Collection entries:
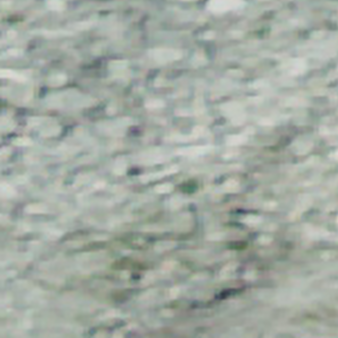
Label: other
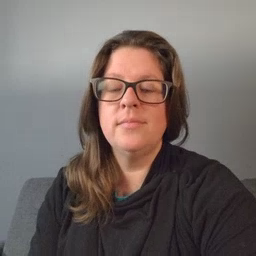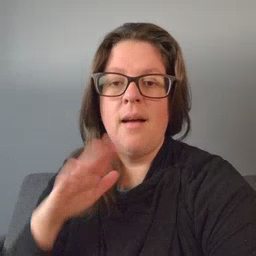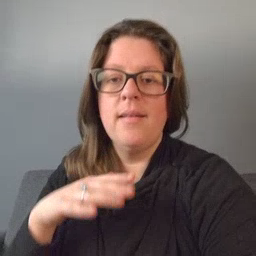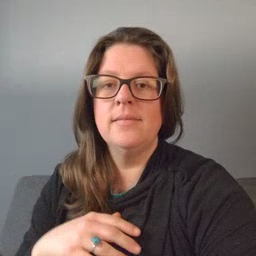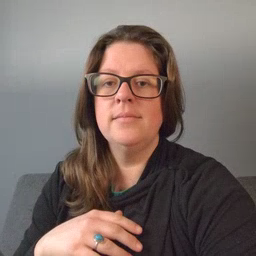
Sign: on
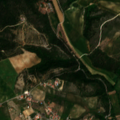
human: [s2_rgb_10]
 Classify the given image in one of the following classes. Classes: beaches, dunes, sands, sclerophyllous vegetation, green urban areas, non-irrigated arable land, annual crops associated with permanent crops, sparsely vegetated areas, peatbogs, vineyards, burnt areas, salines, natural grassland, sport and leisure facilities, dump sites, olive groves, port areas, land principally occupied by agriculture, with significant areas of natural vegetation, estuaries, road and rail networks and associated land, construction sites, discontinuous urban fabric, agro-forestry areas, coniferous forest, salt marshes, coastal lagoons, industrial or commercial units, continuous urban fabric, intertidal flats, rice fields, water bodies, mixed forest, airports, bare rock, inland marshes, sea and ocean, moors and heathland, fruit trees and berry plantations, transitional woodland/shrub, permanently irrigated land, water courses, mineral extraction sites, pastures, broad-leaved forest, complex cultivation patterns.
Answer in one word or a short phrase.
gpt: non-irrigated arable land, complex cultivation patterns, land principally occupied by agriculture, with significant areas of natural vegetation
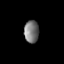
Tissue: lung
Cell type: Epithelial cells
Senescence score: 0.09599
Nuclear area (px): 319
Mean DAPI intensity: 119.618
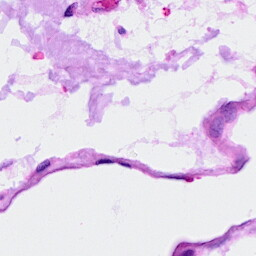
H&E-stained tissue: Ovarian
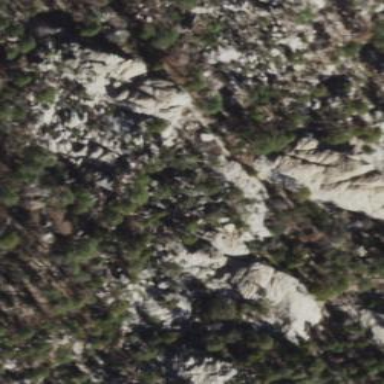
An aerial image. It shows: Landscape of bare rock.
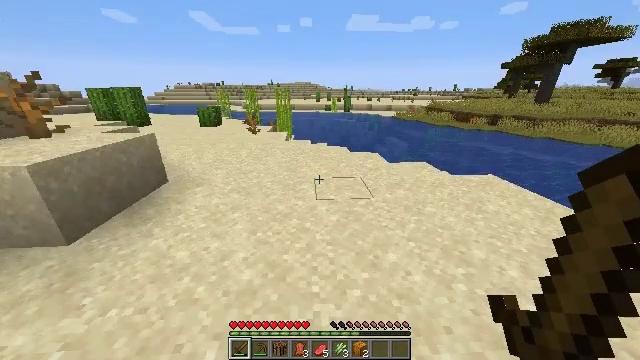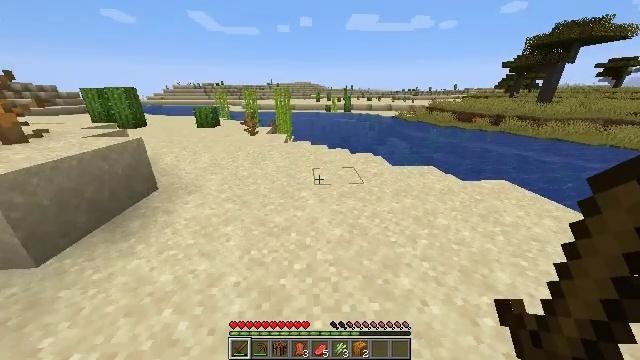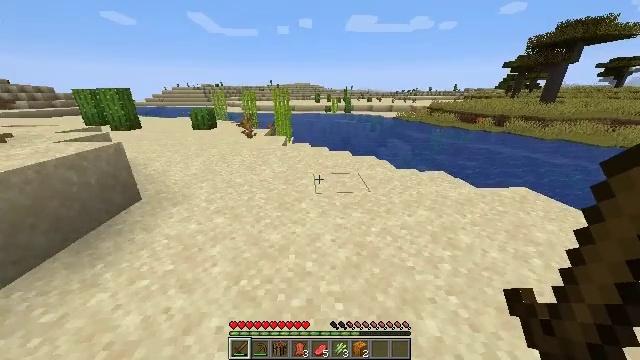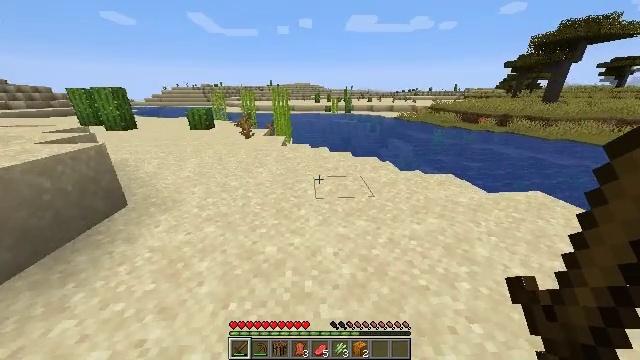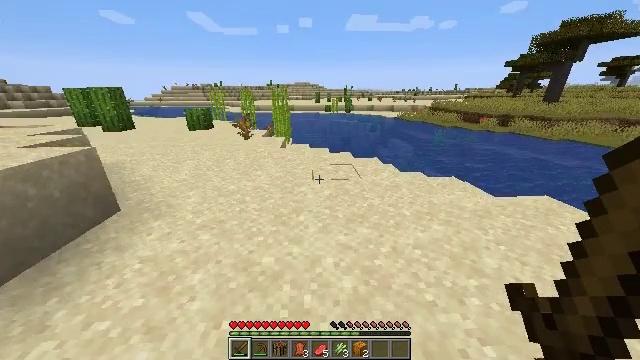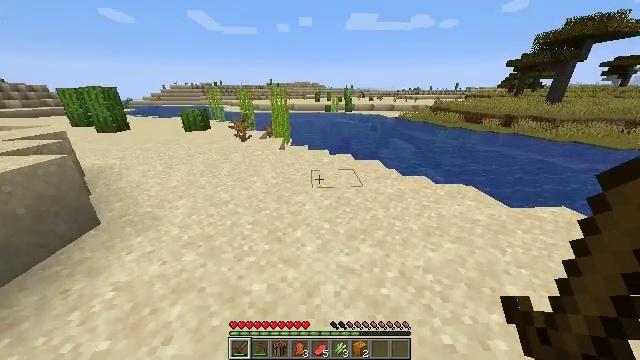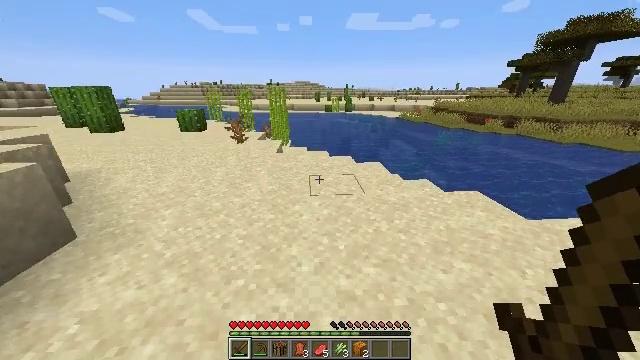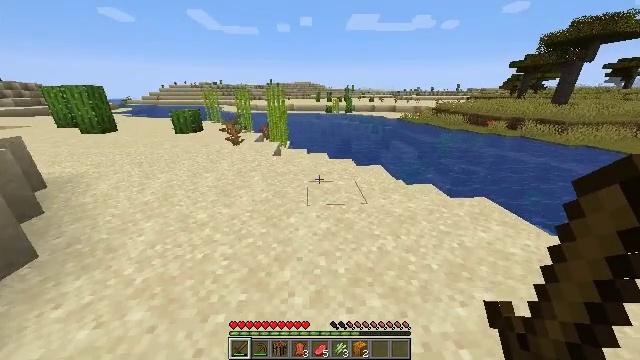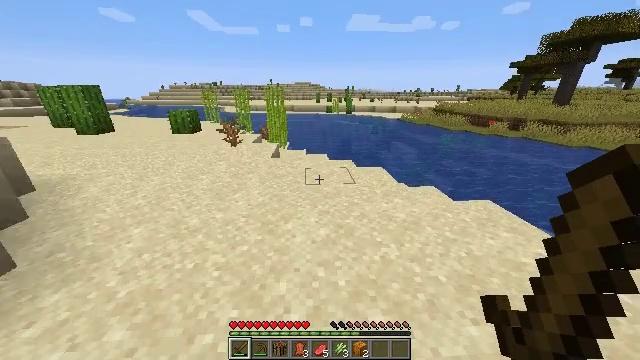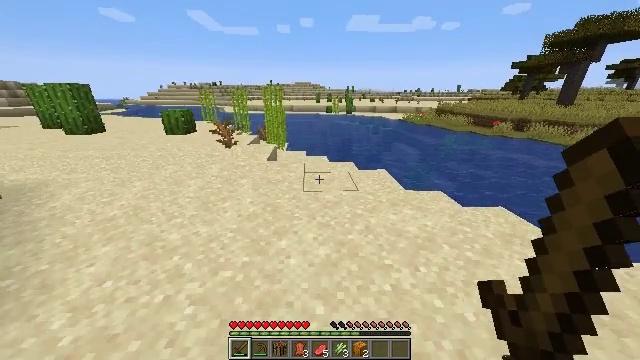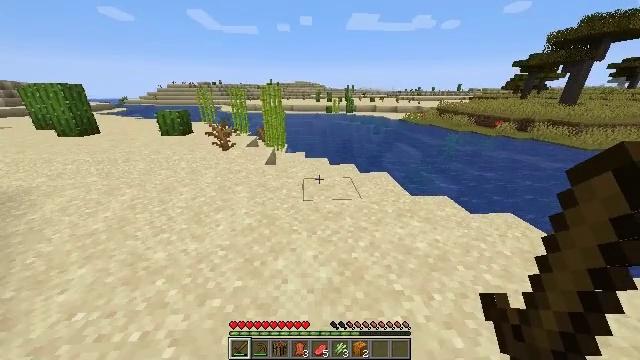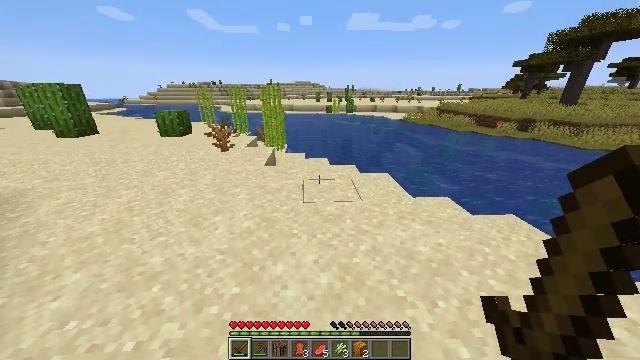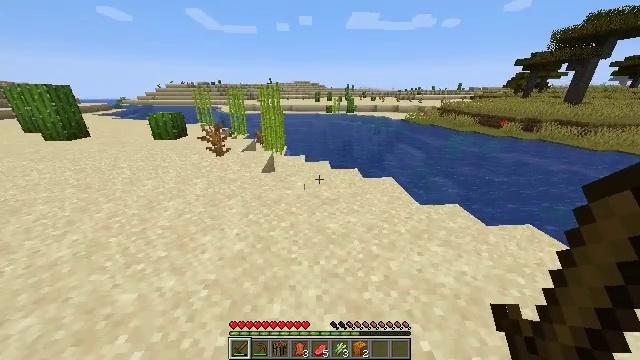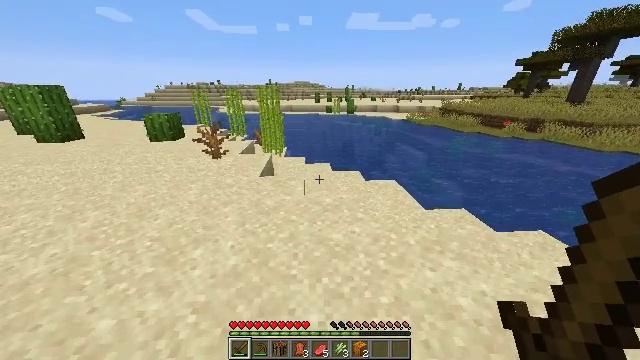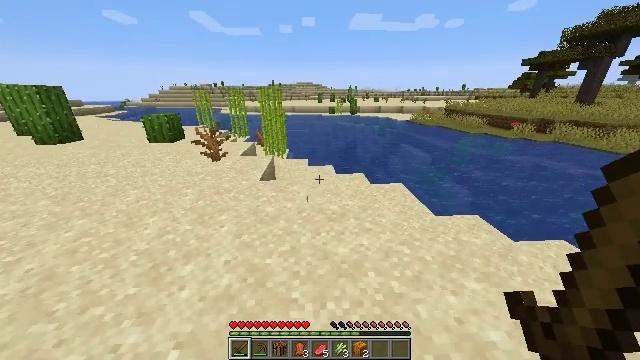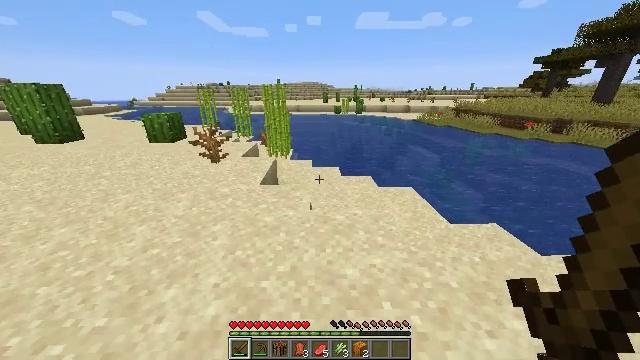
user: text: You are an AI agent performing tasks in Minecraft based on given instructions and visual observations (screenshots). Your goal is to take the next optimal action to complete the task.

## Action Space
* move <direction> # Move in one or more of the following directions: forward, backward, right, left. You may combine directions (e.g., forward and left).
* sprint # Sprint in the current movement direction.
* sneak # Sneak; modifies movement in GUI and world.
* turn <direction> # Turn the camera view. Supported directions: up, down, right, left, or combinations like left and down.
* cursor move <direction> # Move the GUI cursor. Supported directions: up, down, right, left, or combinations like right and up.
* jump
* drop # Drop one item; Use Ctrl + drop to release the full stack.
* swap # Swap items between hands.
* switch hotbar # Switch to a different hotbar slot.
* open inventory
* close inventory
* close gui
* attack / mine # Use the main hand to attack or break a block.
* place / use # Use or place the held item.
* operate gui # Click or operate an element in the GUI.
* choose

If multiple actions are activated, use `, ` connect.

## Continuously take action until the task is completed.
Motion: motion action
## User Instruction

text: Harvest sugar cane from the plant.
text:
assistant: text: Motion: move forward, sprint
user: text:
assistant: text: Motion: move forward, sprint
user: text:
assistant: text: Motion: move forward, sprint
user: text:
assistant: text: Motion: move forward, sprint
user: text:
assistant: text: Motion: move forward, sprint
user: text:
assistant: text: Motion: move forward, sprint
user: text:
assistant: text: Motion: move forward, sprint
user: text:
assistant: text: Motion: move forward, sprint
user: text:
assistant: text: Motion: move forward, sprint
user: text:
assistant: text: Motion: move forward, sprint
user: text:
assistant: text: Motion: move forward, sprint
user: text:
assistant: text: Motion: move forward, sprint
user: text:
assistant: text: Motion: move forward, sprint
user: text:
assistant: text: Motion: move forward, sprint
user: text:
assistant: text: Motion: move forward, sprint, turn left
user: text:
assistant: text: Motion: move forward, sprint, turn left
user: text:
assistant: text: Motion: move forward, sprint, turn left
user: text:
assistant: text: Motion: move forward, sprint, turn left
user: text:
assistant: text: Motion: move forward, sprint
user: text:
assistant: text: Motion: move forward, sprint
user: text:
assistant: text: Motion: move forward, sprint
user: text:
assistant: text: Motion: move forward, sprint
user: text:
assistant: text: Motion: move forward, sprint
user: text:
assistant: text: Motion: move forward, sprint
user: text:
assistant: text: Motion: move forward, sprint
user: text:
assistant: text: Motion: move forward, sprint
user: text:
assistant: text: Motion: move forward, sprint, turn left
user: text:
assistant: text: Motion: move forward, sprint
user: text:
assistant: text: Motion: move forward, sprint
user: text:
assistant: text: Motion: move forward, sprint
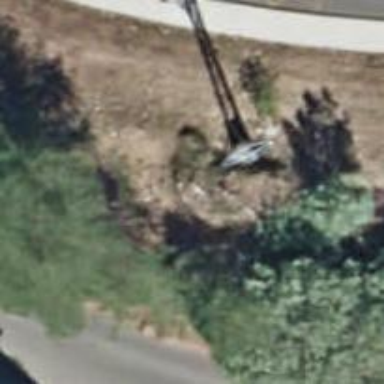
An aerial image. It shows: Power pole.
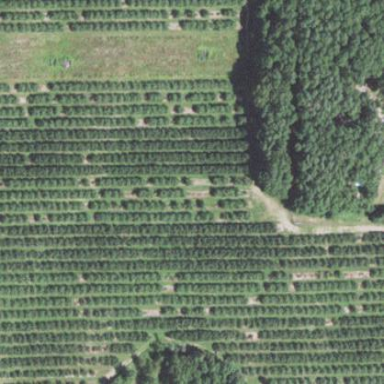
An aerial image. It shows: Orchard.
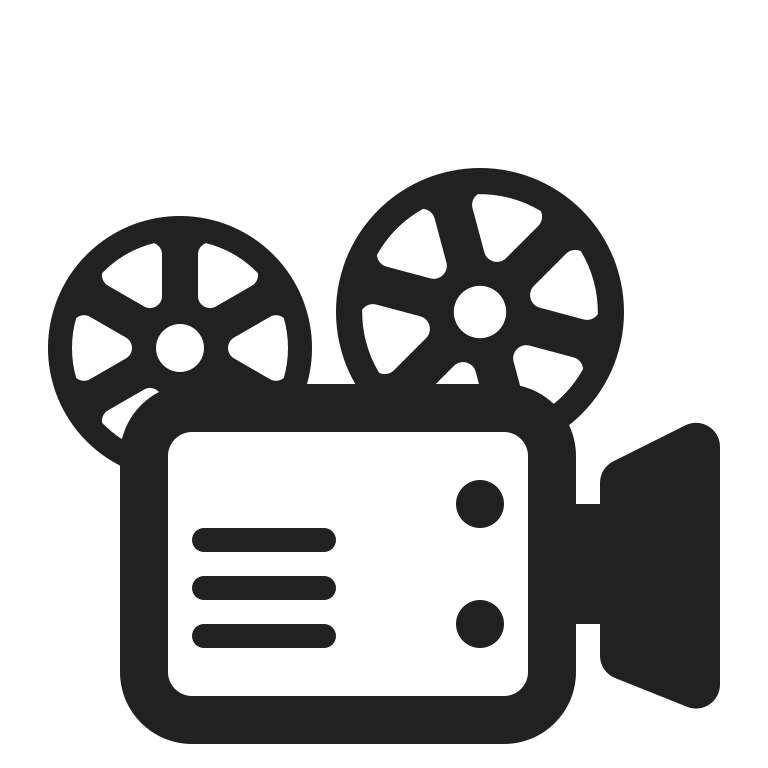
film projector high contrast

_WHAT TO PRODUCE_:
Only lines with the word "movement" are needed. Copy them from the preceding records.

_YOUR SOLUTION_:
* sprint # Sprint in the current movement direction.
* sneak # Sneak; modifies movement in GUI and world.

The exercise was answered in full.